■絶対少年26頼りなく豊かな冬の終わりs川崎美羽伊藤和典c望月智充d木村隆一g関根昌之

うわー、壮絶に腑に落ちない最終回。
これ、一つの結論をばらばらにして、登場人物みんなに別々にしゃべらせるという作りを採用している気がする。それだけに、構成を改めて、う〜んと考えないと理解できない。(ワタクシがバカなのかもしれないですが。バカです。)
頭で考えないと理解できなくて、当然感動的っぽい劇中の登場人物それぞれの言動も腑に落ちない。何にこだわって、何に感動して、どう考えて、どう行動するのかってところが直感的に見えないってのは、非常にツライデス。


また、キサの物語が最終回のキモだったんだけど、前回書いたように、いろんな人々の葛藤に埋もれてしまったのと、表面の現象だけで、その悩みの根源が十分に描かれてこなかった為に、この最終回、キサの再出発の物語的感動が不発におわってしまっていると思いました。


全般的に、理が勝ちすぎているというか、普通以上によく考えてシナリオ作っているような気がするのですが、頭で考えた構成で終わってしまったような気がシマス。
もっと、情に訴える物語であった方がよかったかも。


しかし、抑えた音楽、淡々とした演出、ディスカッションが主体で、その積み重ねで何かを語ろうとした試みは素晴らしいです。特に前半は、田園風景と試みが、良くマッチしていて素晴らしかったと思います。キャラクターも前半の方がよかったかも。


ところで、前半は、後半のわっくんの役割を果たすアユムというキャラクターを作り出すだけに存在していた様にもみえちゃうんですが・・・・・・後半と前半の断絶に意味はあったのかと言うと微妙な気がした。せっかくの13話分のキャラクターの積み重ねがほとんど放棄されちゃっているし、もったいないような。



◇以下メモ。
○この回、強引に整理してみると。
・まず主題は、①自然の不思議な現象にふれ、②自分がその現象を選び取ったのだと悟り、自分が人生の選択すらできないダメな女の子じゃないとキサが心を開き、孤立からコミュニケーションの世界に戻ってくるまで。
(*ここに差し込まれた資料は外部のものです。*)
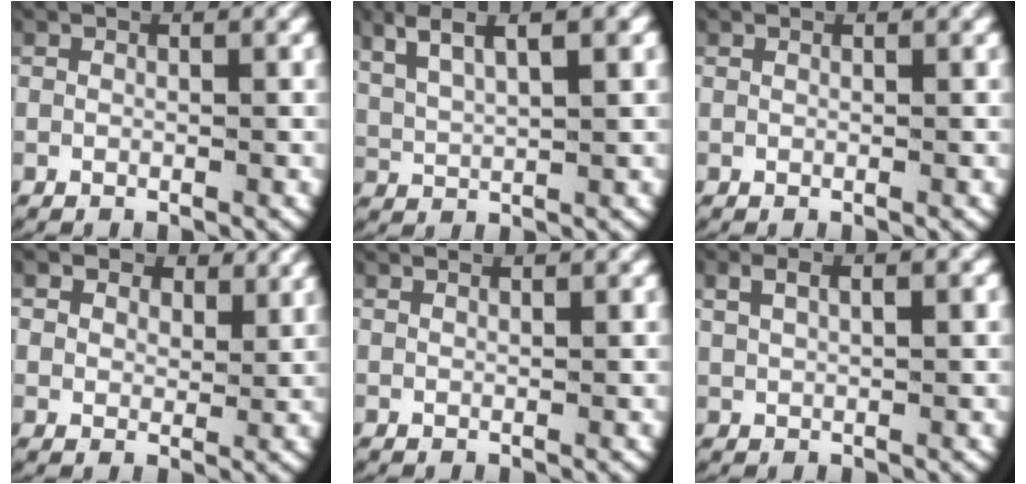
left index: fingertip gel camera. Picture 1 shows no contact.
{"total": 5.9, "force": [3.5, 2.6, 4.0], "torque": [-0.076, 0.015, 0.063]}
{"total": 0.0}
{"total": 2.8, "force": [1.9, 1.6, 1.2], "torque": [-0.027, -0.008, 0.035]}
{"total": 0.8, "force": [0.8, -0.3, 0.1], "torque": [-0.003, -0.003, 0.017]}
{"total": 2.1, "force": [1.1, 0.7, 1.6], "torque": [-0.031, 0.005, 0.026]}
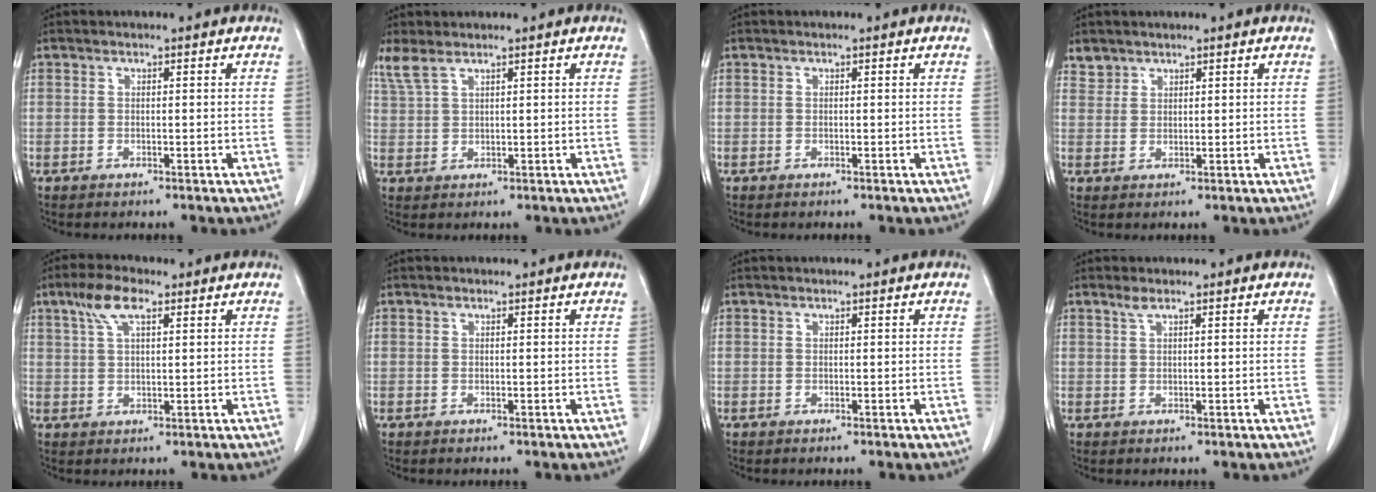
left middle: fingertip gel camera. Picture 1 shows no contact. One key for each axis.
{"total": 2.9, "fx": 2.4, "fy": 0.6, "fz": 1.6, "tx": -0.049, "ty": 0.013, "tz": 0.060}
{"total": 0.0}
{"total": 2.0, "fx": 1.7, "fy": 1.0, "fz": -0.2, "tx": 0.010, "ty": 0.006, "tz": 0.030}
{"total": 5.5, "fx": 3.0, "fy": 1.6, "fz": 4.3, "tx": -0.092, "ty": 0.014, "tz": 0.058}
{"total": 0.0}
{"total": 0.0}
{"total": 1.2, "fx": 0.9, "fy": 0.0, "fz": 0.8, "tx": -0.020, "ty": 0.004, "tz": 0.020}
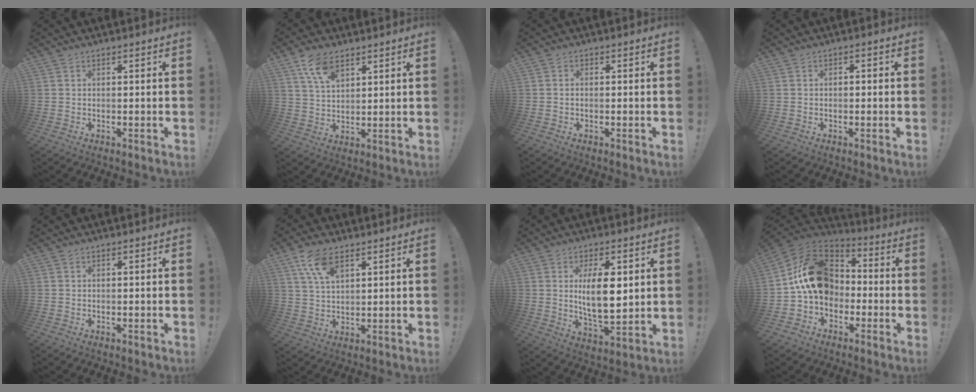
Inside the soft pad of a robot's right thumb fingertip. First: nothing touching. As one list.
[{"total": 8.4, "force": [5.3, 4.0, 5.2], "torque": [-0.095, -0.018, 0.099]}, {"total": 0.8, "force": [-0.5, 0.4, 0.4], "torque": [-0.014, 0.004, -0.008]}, {"total": 1.5, "force": [-1.0, 0.6, 0.9], "torque": [-0.019, 0.007, -0.016]}, {"total": 0.0}, {"total": 8.8, "force": [5.0, 3.9, 6.2], "torque": [-0.109, -0.015, 0.094]}, {"total": 13.0, "force": [2.9, 5.4, 11.5], "torque": [-0.200, -0.012, 0.041]}, {"total": 17.9, "force": [0.9, 13.8, 11.3], "torque": [-0.176, 0.020, 0.027]}]

①さて、その不思議な現象とは、いままで対立する存在と思っていた、寒色系と暖色系の存在が、実は、同じ現象の別な側面であり、二つでひとつだということ。「光と影は対立しない。両方でワンセットだから」(アユム)
キサにとっては、ポーちゃんやブンちゃんは、対立存在に破壊されたのではなく、本来あるべき姿、場所にもどったのだという気づきをもたらした。
・そして、寒色系と暖色系の「対消滅する」壮麗なビジュアルに触れて、「世界は私たちが思っているよりも遙かに、複雑で豊かで不思議に満ちている。こんな思いがけない形でそれを見せつけられたら変わらざるをおえないですよ。」(画家さん)とキサも感得したにちがいない。


②なぜ、ブンちゃんや、ポーちゃんは、キサの所に現れたのか。それは、
「ムリして我慢した思いってどこ行くんだろう。彼女から溢れたマイナス思考は一体どこに行くんだろう」「きっと思いは形になるんだよ」(マッキー)ってことで、
「そうかあたしが望んだからブンちゃんも、ポーちゃんも、こっち側にあたしの所にきてくれたんだ。」(キサ)
何も選択できないダメな自分を悲しむキサにとっては、自分が選んでいた思いがけない選択だったと改めて気が付く。(・・・・だと思うんだけど、ホントにこれが選択か?)


○アユムくんとスカワラさんのディスカッションは、本筋とはあんまり関係ない。唯一、重要な結論、寒色系と暖色系は、争っているのではなく、「対消滅みたいな自然現象じゃないかなって。」を導き出すためだけに意義があった。
○マッキーとリエゾウの対話
「リエコちゃんはいつも光の中にいるから、同じ女の子だったらうっとおしい。キサはいっつも影の中にいる。どっちにしてもどうなのかなと。」
「(私たちが)同じだっていうの。」ということで、二人の関係が以前より親しくなりつつあることを示しつつ、光と影が実は一体だという、本作のテーマを補強。


○3組が別々にディスカッションしていて、最終的に同じ結論に至ったかのような演出(かとおもっちゃった)は、実体的にあまり意味はなく、別々の会話から、アユムの結論を言葉遊び的な連続で補強するための演出。